PPMI of scipy sparse matrix

I need to transform a scipy matrix in sparse csr format into a PPMI-weighted matrix. I have a sparse squared co-occurrence matrix with each row and column corresponding to words, and each entry mat(i, j) corresponding to the number of times these words were found together in a corpus.

Here is a minimal example of how to obtain this matrix:

from sklearn.feature_extraction.text import CountVectorizer

sentences = ["The cat is on the table",
             "I have seen a cat in the office",
             "You shall feed the cat before it gets dark",
             "I have many pets in my house, but my favourite is my cat",
             "Dogs are nice, but cats are far nicer in my opinion"]
count_model = CountVectorizer(ngram_range=(1,1))
X = count_model.fit_transform(sentences) # word-by-context matrix
Xc = (X.T * X) # word-by-word co-occurrence matrix in sparse csr format
Xc.setdiag(0)

What I want is to convert each of the matrix cells into the PPMI of that value

PPMI(i, j) = max(log2[P(i, j)/P(i)*P(j)], 0)

Now I have this awfully slow function that I use to compute PPMI values for (i, j), but I was wondering whether there was a more efficient solution, since this one is not scalable to the whole matrix (the toy matrix I posted is 29X29, but my matrix is 65,000X65,000).

def ppmi(matrix, idx1, idx2):
    tot = matrix.count_nonzero()
    p_a = sum(matrix[idx1, :].toarray()[0])/tot # probability of first element
    p_b = sum(matrix[idx2, :].toarray()[0])/tot # probability of second element
    p_ab = matrix[idx1, idx2]/tot # probability of co-occurrence
    ppmi = max([np.log2(p_ab/(p_a*p_b)), 0])
    return ppmi

Thank you!

Solution

Let's try a whole-array version of your ppmi:

def foo(matrix):
    tot = matrix.count_nonzero()
    p_a = matrix.sum(axis=1).A1/tot  # (n,) array
    pouter = p_a[:,None]*p_a
    p_ab = matrix/tot # probability of co-occurrence
    ppmi = np.log2(p_ab/(pouter))
    ppmi = np.maximum(ppmi, 0)
    return ppmi

Your sample matrix:

In [72]: Xc
Out[72]: 
<29x29 sparse matrix of type '<class 'numpy.int64'>'
    with 313 stored elements in Compressed Sparse Column format>

In [73]: M=foo(Xc)
C:\Users\paul\AppData\Local\Temp\ipykernel_2272\2466548606.py:6: RuntimeWarning: divide by zero encountered in log2
  ppmi = np.log2(p_ab/(pouter))

In [74]: M.shape
Out[74]: (29, 29)

In contrast, iterating on all index:

In [75]: res = np.array([[ppmi(Xc,i,j) for j in range(29)] for i in range(29)])
C:\Users\paul\AppData\Local\Temp\ipykernel_2272\132281081.py:6: RuntimeWarning: divide by zero encountered in log2
  ppmi = max([np.log2(p_ab/(p_a*p_b)), 0])

In [76]: res.shape
Out[76]: (29, 29)

The values match (though M is np.matrix):

In [77]: np.allclose(res,M)
Out[77]: True

Without the np.maximum the foo result has a lot of -inf.

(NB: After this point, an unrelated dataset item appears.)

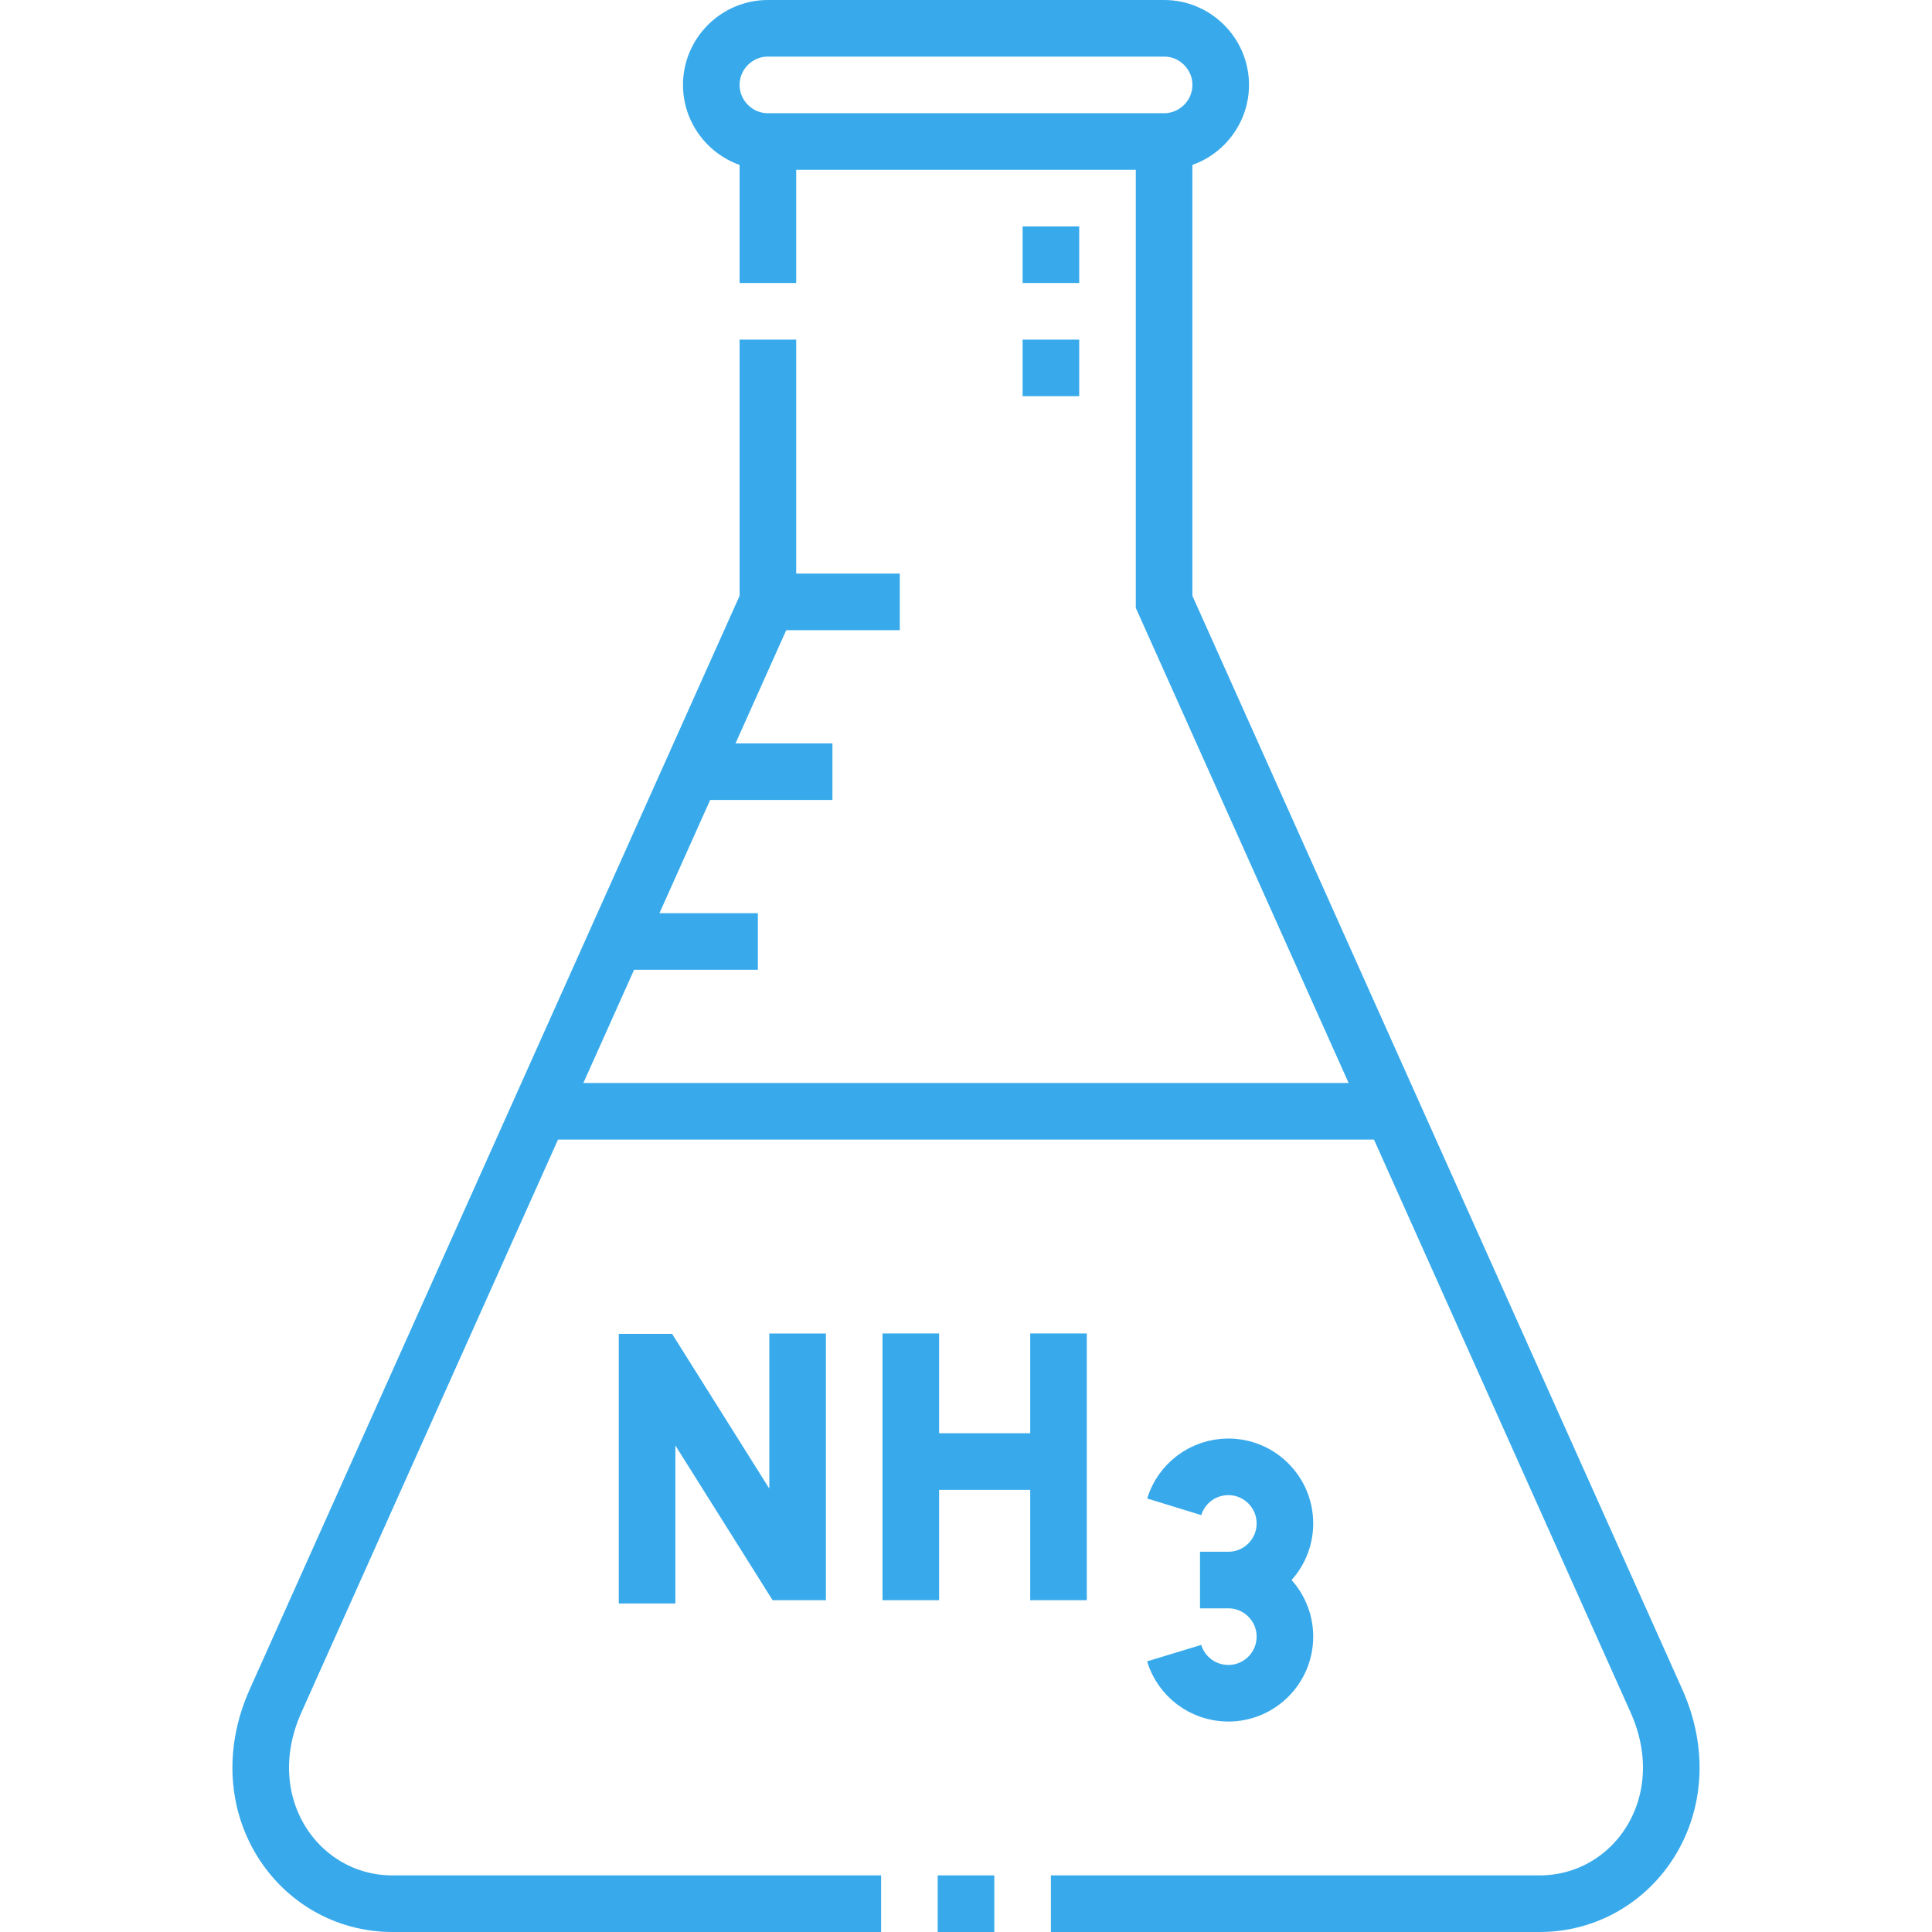 <svg xmlns="http://www.w3.org/2000/svg" version="1.1" xmlns:xlink="http://www.w3.org/1999/xlink" width="512" height="512" x="0" y="0" viewBox="0 0 512 512" style="enable-background:new 0 0 512 512" xml:space="preserve" class=""><g><path d="M203.5 37.5V75m0 15v69.501L73.04 450.721c-12.334 27.532 5.98 53.779 30.961 53.779H233.5m15 0h15m15 0h129.499c24.981 0 43.295-26.247 30.961-53.779L308.5 159.501V37.5M203.5 7.5h105c8.25 0 15 6.75 15 15s-6.752 15-15 15h-105c-8.248 0-15-6.75-15-15s6.75-15 15-15z" style="fill-rule:evenodd;clip-rule:evenodd;stroke-width:15;stroke-miterlimit:22.926;" fill-rule="evenodd" clip-rule="evenodd" fill="none" stroke="#38aaeb" stroke-width="15" stroke-miterlimit="22.926" data-original="#000000" opacity="1" class=""></path><path d="M171.485 417.445v-56.457h2.481l34.927 55.587h2.481v-55.693M241.374 360.882v55.692m39.142-55.692v55.692M245.667 387.323h32.703" style="fill-rule:evenodd;clip-rule:evenodd;stroke-width:15;stroke-linecap:square;stroke-miterlimit:10;" fill-rule="evenodd" clip-rule="evenodd" fill="none" stroke="#38aaeb" stroke-width="15" stroke-linecap="square" stroke-miterlimit="10" data-original="#000000" opacity="1" class=""></path><path d="M311.162 438.099c1.871 6.152 7.589 10.629 14.353 10.629 8.284 0 15-6.716 15-15 0-8.284-6.716-15-15-15M311.175 399.315c1.884-6.13 7.592-10.587 14.34-10.587 8.284 0 15 6.716 15 15 0 8.284-6.716 15-15 15h-7.5M143.024 294.5h225.952M200.955 159.501h37.5M183.104 204.501h37.5M163.345 249.5h37.5M278.501 75V60m0 45V90" style="fill-rule:evenodd;clip-rule:evenodd;stroke-width:15;stroke-miterlimit:22.926;" fill-rule="evenodd" clip-rule="evenodd" fill="none" stroke="#38aaeb" stroke-width="15" stroke-miterlimit="22.926" data-original="#000000" opacity="1" class=""></path></g></svg>
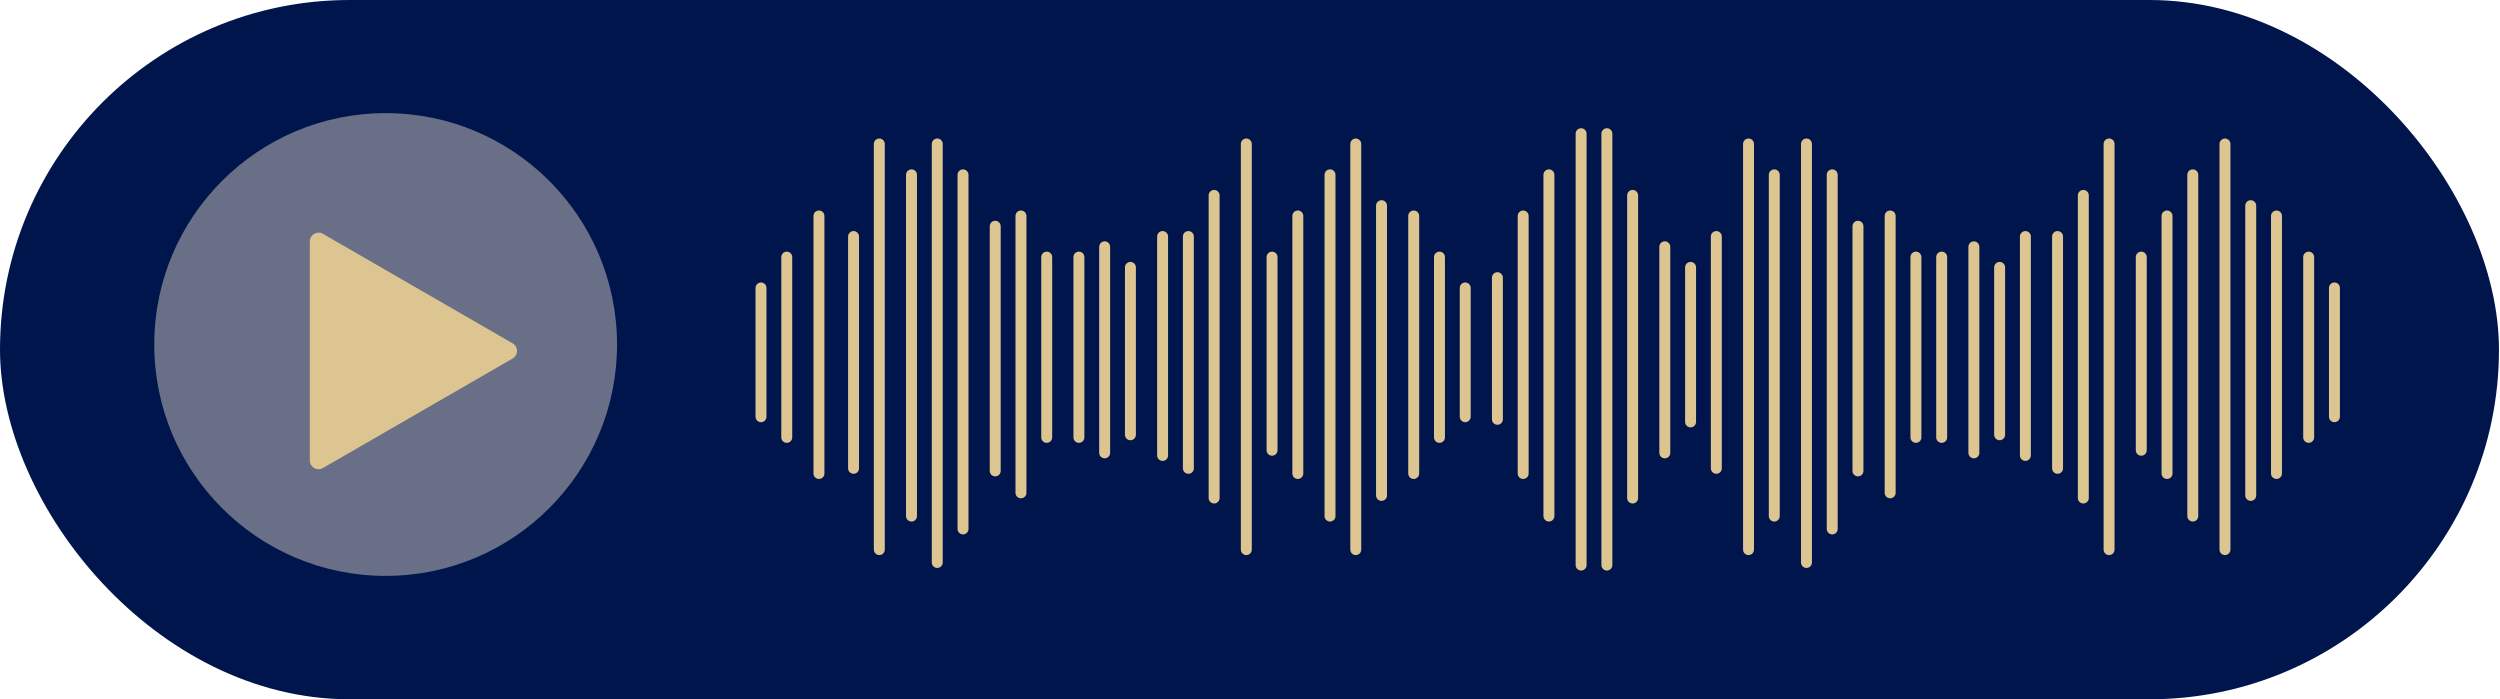 <?xml version="1.0" encoding="UTF-8"?> <svg xmlns="http://www.w3.org/2000/svg" width="286" height="80" viewBox="0 0 286 80" fill="none"> <rect width="285.882" height="80" rx="40" fill="#00154C"></rect> <circle cx="44.118" cy="39.412" r="26.471" fill="#D0CAC0" fill-opacity="0.5"></circle> <path d="M36.941 53.544C36.275 53.929 35.441 53.448 35.441 52.678L35.441 27.614C35.441 26.845 36.275 26.363 36.941 26.748L58.647 39.28C59.314 39.665 59.314 40.627 58.647 41.012L36.941 53.544Z" fill="#DDC592"></path> <path d="M267.059 32.941V47.673" stroke="#DDC592" stroke-width="1.252" stroke-miterlimit="10" stroke-linecap="round"></path> <path d="M264.113 29.412V50.036" stroke="#DDC592" stroke-width="1.252" stroke-miterlimit="10" stroke-linecap="round"></path> <path d="M260.43 24.706V54.169" stroke="#DDC592" stroke-width="1.252" stroke-miterlimit="10" stroke-linecap="round"></path> <path d="M87.059 32.941V47.673" stroke="#DDC592" stroke-width="1.252" stroke-miterlimit="10" stroke-linecap="round"></path> <path d="M90.005 29.412V50.036" stroke="#DDC592" stroke-width="1.252" stroke-miterlimit="10" stroke-linecap="round"></path> <path d="M93.688 24.706V54.169" stroke="#DDC592" stroke-width="1.252" stroke-miterlimit="10" stroke-linecap="round"></path> <path d="M257.484 23.529V56.675" stroke="#DDC592" stroke-width="1.252" stroke-miterlimit="10" stroke-linecap="round"></path> <path d="M254.537 16.471V62.875" stroke="#DDC592" stroke-width="1.252" stroke-miterlimit="10" stroke-linecap="round"></path> <path d="M250.854 20V59.038" stroke="#DDC592" stroke-width="1.252" stroke-miterlimit="10" stroke-linecap="round"></path> <path d="M247.908 24.706V54.169" stroke="#DDC592" stroke-width="1.252" stroke-miterlimit="10" stroke-linecap="round"></path> <path d="M244.961 29.412V51.509" stroke="#DDC592" stroke-width="1.252" stroke-miterlimit="10" stroke-linecap="round"></path> <path d="M241.278 16.471V62.875" stroke="#DDC592" stroke-width="1.252" stroke-miterlimit="10" stroke-linecap="round"></path> <path d="M238.332 22.353V56.972" stroke="#DDC592" stroke-width="1.252" stroke-miterlimit="10" stroke-linecap="round"></path> <path d="M235.386 27.059V53.575" stroke="#DDC592" stroke-width="1.252" stroke-miterlimit="10" stroke-linecap="round"></path> <path d="M231.704 27.059V52.102" stroke="#DDC592" stroke-width="1.252" stroke-miterlimit="10" stroke-linecap="round"></path> <path d="M228.757 30.588V49.739" stroke="#DDC592" stroke-width="1.252" stroke-miterlimit="10" stroke-linecap="round"></path> <path d="M225.812 28.235V51.806" stroke="#DDC592" stroke-width="1.252" stroke-miterlimit="10" stroke-linecap="round"></path> <path d="M222.128 29.412V50.036" stroke="#DDC592" stroke-width="1.252" stroke-miterlimit="10" stroke-linecap="round"></path> <path d="M219.182 29.412V50.036" stroke="#DDC592" stroke-width="1.252" stroke-miterlimit="10" stroke-linecap="round"></path> <path d="M216.235 24.706V56.379" stroke="#DDC592" stroke-width="1.252" stroke-miterlimit="10" stroke-linecap="round"></path> <path d="M212.552 25.882V53.872" stroke="#DDC592" stroke-width="1.252" stroke-miterlimit="10" stroke-linecap="round"></path> <path d="M209.605 20V60.511" stroke="#DDC592" stroke-width="1.252" stroke-miterlimit="10" stroke-linecap="round"></path> <path d="M206.66 16.471V64.348" stroke="#DDC592" stroke-width="1.252" stroke-miterlimit="10" stroke-linecap="round"></path> <path d="M202.977 20V59.038" stroke="#DDC592" stroke-width="1.252" stroke-miterlimit="10" stroke-linecap="round"></path> <path d="M200.031 16.471V62.875" stroke="#DDC592" stroke-width="1.252" stroke-miterlimit="10" stroke-linecap="round"></path> <path d="M196.348 27.059V53.575" stroke="#DDC592" stroke-width="1.252" stroke-miterlimit="10" stroke-linecap="round"></path> <path d="M193.402 30.588V48.266" stroke="#DDC592" stroke-width="1.252" stroke-miterlimit="10" stroke-linecap="round"></path> <path d="M190.455 28.235V51.806" stroke="#DDC592" stroke-width="1.252" stroke-miterlimit="10" stroke-linecap="round"></path> <path d="M186.772 22.353V56.972" stroke="#DDC592" stroke-width="1.252" stroke-miterlimit="10" stroke-linecap="round"></path> <path d="M183.827 15.294V64.644" stroke="#DDC592" stroke-width="1.252" stroke-miterlimit="10" stroke-linecap="round"></path> <path d="M180.879 15.294V64.644" stroke="#DDC592" stroke-width="1.252" stroke-miterlimit="10" stroke-linecap="round"></path> <path d="M177.196 20V59.038" stroke="#DDC592" stroke-width="1.252" stroke-miterlimit="10" stroke-linecap="round"></path> <path d="M174.251 24.706V54.169" stroke="#DDC592" stroke-width="1.252" stroke-miterlimit="10" stroke-linecap="round"></path> <path d="M171.304 31.765V47.969" stroke="#DDC592" stroke-width="1.252" stroke-miterlimit="10" stroke-linecap="round"></path> <path d="M167.622 32.941V47.673" stroke="#DDC592" stroke-width="1.252" stroke-miterlimit="10" stroke-linecap="round"></path> <path d="M164.675 29.412V50.036" stroke="#DDC592" stroke-width="1.252" stroke-miterlimit="10" stroke-linecap="round"></path> <path d="M161.729 24.706V54.169" stroke="#DDC592" stroke-width="1.252" stroke-miterlimit="10" stroke-linecap="round"></path> <path d="M158.046 23.529V56.675" stroke="#DDC592" stroke-width="1.252" stroke-miterlimit="10" stroke-linecap="round"></path> <path d="M155.1 16.471V62.875" stroke="#DDC592" stroke-width="1.252" stroke-miterlimit="10" stroke-linecap="round"></path> <path d="M152.154 20V59.038" stroke="#DDC592" stroke-width="1.252" stroke-miterlimit="10" stroke-linecap="round"></path> <path d="M148.471 24.706V54.169" stroke="#DDC592" stroke-width="1.252" stroke-miterlimit="10" stroke-linecap="round"></path> <path d="M145.523 29.412V51.509" stroke="#DDC592" stroke-width="1.252" stroke-miterlimit="10" stroke-linecap="round"></path> <path d="M142.578 16.471V62.875" stroke="#DDC592" stroke-width="1.252" stroke-miterlimit="10" stroke-linecap="round"></path> <path d="M138.895 22.353V56.972" stroke="#DDC592" stroke-width="1.252" stroke-miterlimit="10" stroke-linecap="round"></path> <path d="M135.949 27.059V53.575" stroke="#DDC592" stroke-width="1.252" stroke-miterlimit="10" stroke-linecap="round"></path> <path d="M133.002 27.059V52.102" stroke="#DDC592" stroke-width="1.252" stroke-miterlimit="10" stroke-linecap="round"></path> <path d="M129.32 30.588V49.739" stroke="#DDC592" stroke-width="1.252" stroke-miterlimit="10" stroke-linecap="round"></path> <path d="M126.374 28.235V51.806" stroke="#DDC592" stroke-width="1.252" stroke-miterlimit="10" stroke-linecap="round"></path> <path d="M123.427 29.412V50.036" stroke="#DDC592" stroke-width="1.252" stroke-miterlimit="10" stroke-linecap="round"></path> <path d="M119.745 29.412V50.036" stroke="#DDC592" stroke-width="1.252" stroke-miterlimit="10" stroke-linecap="round"></path> <path d="M116.798 24.706V56.379" stroke="#DDC592" stroke-width="1.252" stroke-miterlimit="10" stroke-linecap="round"></path> <path d="M113.852 25.882V53.872" stroke="#DDC592" stroke-width="1.252" stroke-miterlimit="10" stroke-linecap="round"></path> <path d="M110.169 20V60.511" stroke="#DDC592" stroke-width="1.252" stroke-miterlimit="10" stroke-linecap="round"></path> <path d="M107.222 16.471V64.348" stroke="#DDC592" stroke-width="1.252" stroke-miterlimit="10" stroke-linecap="round"></path> <path d="M104.276 20V59.038" stroke="#DDC592" stroke-width="1.252" stroke-miterlimit="10" stroke-linecap="round"></path> <path d="M100.593 16.471V62.875" stroke="#DDC592" stroke-width="1.252" stroke-miterlimit="10" stroke-linecap="round"></path> <path d="M97.647 27.059V53.575" stroke="#DDC592" stroke-width="1.252" stroke-miterlimit="10" stroke-linecap="round"></path> </svg>

Also I'm not sure where the conversion from sparse matrix to dense matrix occurs. That could pose problems for larger cases.

Anyways the timings:

In [78]: timeit res = np.array([[ppmi(Xc,i,j) for j in range(29)] for i in range(29)])
C:\Users\paul\AppData\Local\Temp\ipykernel_2272\132281081.py:6: RuntimeWarning: divide by zero encountered in log2
  ppmi = max([np.log2(p_ab/(p_a*p_b)), 0])
452 ms ± 1.07 ms per loop (mean ± std. dev. of 7 runs, 1 loop each)

In [79]: timeit M = foo(Xc)
C:\Users\paul\AppData\Local\Temp\ipykernel_2272\2466548606.py:6: RuntimeWarning: divide by zero encountered in log2
  ppmi = np.log2(p_ab/(pouter))
438 µs ± 29.6 µs per loop (mean ± std. dev. of 7 runs, 1,000 loops each)

This needs more work, but it shows that a lot of the single element calculations in ppmi can be performed for the whole array at once.